Current large language model (LLM) agent workflow systems rely on predefined templates and shallow matching, limiting their ability to capture deep semantic relationships and generalize effectively. This work proposes GraphFlow, a novel framework that introduces a unified graph structure—wGraph—as a shared workflow substrate, enabling adaptive, semantics- and constraint-aware dynamic workflow generation. To enhance inference efficiency, GraphFlow incorporates a structure-aware key-value (KV) cache management mechanism. Through the synergistic optimization of graph representation learning, dynamic workflow instantiation, and structured caching, GraphFlow achieves an average performance gain of 4.95 percentage points across five benchmark datasets while reducing memory consumption by approximately fourfold.
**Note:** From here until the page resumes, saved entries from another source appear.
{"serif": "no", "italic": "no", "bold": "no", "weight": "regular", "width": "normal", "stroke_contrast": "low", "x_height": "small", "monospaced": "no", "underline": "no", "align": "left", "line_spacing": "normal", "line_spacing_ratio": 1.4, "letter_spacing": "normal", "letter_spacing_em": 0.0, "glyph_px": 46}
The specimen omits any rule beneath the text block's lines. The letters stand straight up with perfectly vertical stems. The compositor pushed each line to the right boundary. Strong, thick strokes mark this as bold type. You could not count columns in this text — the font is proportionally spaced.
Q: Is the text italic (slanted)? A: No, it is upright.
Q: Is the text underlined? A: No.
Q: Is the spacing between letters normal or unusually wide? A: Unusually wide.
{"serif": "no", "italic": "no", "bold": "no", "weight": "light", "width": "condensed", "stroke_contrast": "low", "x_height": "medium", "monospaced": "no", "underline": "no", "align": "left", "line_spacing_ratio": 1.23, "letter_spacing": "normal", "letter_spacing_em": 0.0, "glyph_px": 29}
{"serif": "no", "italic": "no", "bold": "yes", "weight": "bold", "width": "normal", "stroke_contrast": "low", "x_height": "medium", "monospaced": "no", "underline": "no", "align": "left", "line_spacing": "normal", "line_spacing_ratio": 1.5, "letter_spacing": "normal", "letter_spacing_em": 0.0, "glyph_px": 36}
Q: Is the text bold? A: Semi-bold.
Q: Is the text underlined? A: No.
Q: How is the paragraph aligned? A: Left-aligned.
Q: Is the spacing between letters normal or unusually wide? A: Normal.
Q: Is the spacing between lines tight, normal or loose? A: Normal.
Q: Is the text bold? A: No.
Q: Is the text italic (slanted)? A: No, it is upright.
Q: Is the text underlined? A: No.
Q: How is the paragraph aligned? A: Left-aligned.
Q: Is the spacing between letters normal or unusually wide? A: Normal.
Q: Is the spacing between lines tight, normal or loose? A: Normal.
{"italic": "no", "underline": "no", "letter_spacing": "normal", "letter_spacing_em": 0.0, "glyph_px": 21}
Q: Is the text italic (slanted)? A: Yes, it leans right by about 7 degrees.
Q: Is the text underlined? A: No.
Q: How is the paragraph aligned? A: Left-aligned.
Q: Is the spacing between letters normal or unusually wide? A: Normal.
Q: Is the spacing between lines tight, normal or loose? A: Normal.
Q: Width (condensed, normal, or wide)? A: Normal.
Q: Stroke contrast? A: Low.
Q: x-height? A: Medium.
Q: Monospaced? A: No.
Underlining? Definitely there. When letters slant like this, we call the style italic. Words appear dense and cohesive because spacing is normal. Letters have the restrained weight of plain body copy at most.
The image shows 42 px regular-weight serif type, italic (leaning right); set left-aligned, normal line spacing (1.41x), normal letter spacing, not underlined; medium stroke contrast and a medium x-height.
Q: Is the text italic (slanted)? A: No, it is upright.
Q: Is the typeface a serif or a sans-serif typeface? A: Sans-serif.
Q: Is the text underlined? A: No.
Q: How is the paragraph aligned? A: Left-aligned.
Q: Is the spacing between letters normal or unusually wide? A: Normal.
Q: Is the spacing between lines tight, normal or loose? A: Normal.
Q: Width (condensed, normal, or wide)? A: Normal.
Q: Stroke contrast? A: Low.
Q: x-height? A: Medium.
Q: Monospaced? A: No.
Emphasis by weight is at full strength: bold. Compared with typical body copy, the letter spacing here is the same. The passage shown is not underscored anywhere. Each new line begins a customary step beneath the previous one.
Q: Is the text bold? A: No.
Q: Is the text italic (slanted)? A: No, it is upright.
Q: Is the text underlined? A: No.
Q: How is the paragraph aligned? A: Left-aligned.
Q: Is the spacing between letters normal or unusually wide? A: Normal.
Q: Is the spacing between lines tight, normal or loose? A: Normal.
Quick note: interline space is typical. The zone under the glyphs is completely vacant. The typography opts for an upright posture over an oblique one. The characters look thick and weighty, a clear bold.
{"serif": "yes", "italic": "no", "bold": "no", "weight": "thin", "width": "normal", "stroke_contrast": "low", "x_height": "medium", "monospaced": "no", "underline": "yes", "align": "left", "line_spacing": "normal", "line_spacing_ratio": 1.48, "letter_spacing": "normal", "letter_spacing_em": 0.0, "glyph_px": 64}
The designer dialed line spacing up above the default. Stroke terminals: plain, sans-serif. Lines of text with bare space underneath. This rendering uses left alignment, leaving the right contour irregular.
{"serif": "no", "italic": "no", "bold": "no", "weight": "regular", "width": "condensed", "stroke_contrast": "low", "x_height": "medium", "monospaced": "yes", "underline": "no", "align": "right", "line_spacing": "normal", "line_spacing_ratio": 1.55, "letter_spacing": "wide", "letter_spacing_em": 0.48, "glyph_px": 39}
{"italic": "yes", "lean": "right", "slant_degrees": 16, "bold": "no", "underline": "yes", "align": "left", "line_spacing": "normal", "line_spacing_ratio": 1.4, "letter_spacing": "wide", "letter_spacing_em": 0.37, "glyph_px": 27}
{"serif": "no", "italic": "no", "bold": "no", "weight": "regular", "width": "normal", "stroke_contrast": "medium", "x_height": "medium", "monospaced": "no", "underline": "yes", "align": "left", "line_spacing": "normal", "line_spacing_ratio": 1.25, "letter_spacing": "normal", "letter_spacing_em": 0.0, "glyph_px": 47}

Large Language Model (LLM)-based agents demonstrate strong reasoning and execution capabilities on complex tasks when guided by structured instructions, commonly referred to as workflows. However, existing workflow-assisted agent serving systems typically rely on predefined templates and shallow matching mechanisms, which limit their ability to capture deep semantic relationships and generalize to previously unseen tasks. To address these limitations, we propose a new workflow management paradigm that represents workflows using a unified graph, termed wGraph, where each node corresponds to an atomic operation. wGraph serves as a shared substrate from which task-specific workflows are dynamically instantiated. Building on wGraph primitives, we introduce GraphFlow, a system that efficiently integrates workflows into agent serving through two key designs. First, adaptive workflow generation dynamically constructs workflows from wGraph based on task semantics and constraint requirements. Second, workflow state management exploits wGraph structure to efficiently manage Key-Value (KV) caches, reducing redundant computation during agent serving. Extensive experiments across five benchmark datasets show that GraphFlow consistently outperforms state-of-the-art methods, yielding an average performance improvement of approximately 4.95 percentage points, while achieving an approximately 4$\times$ reduction in memory footprint.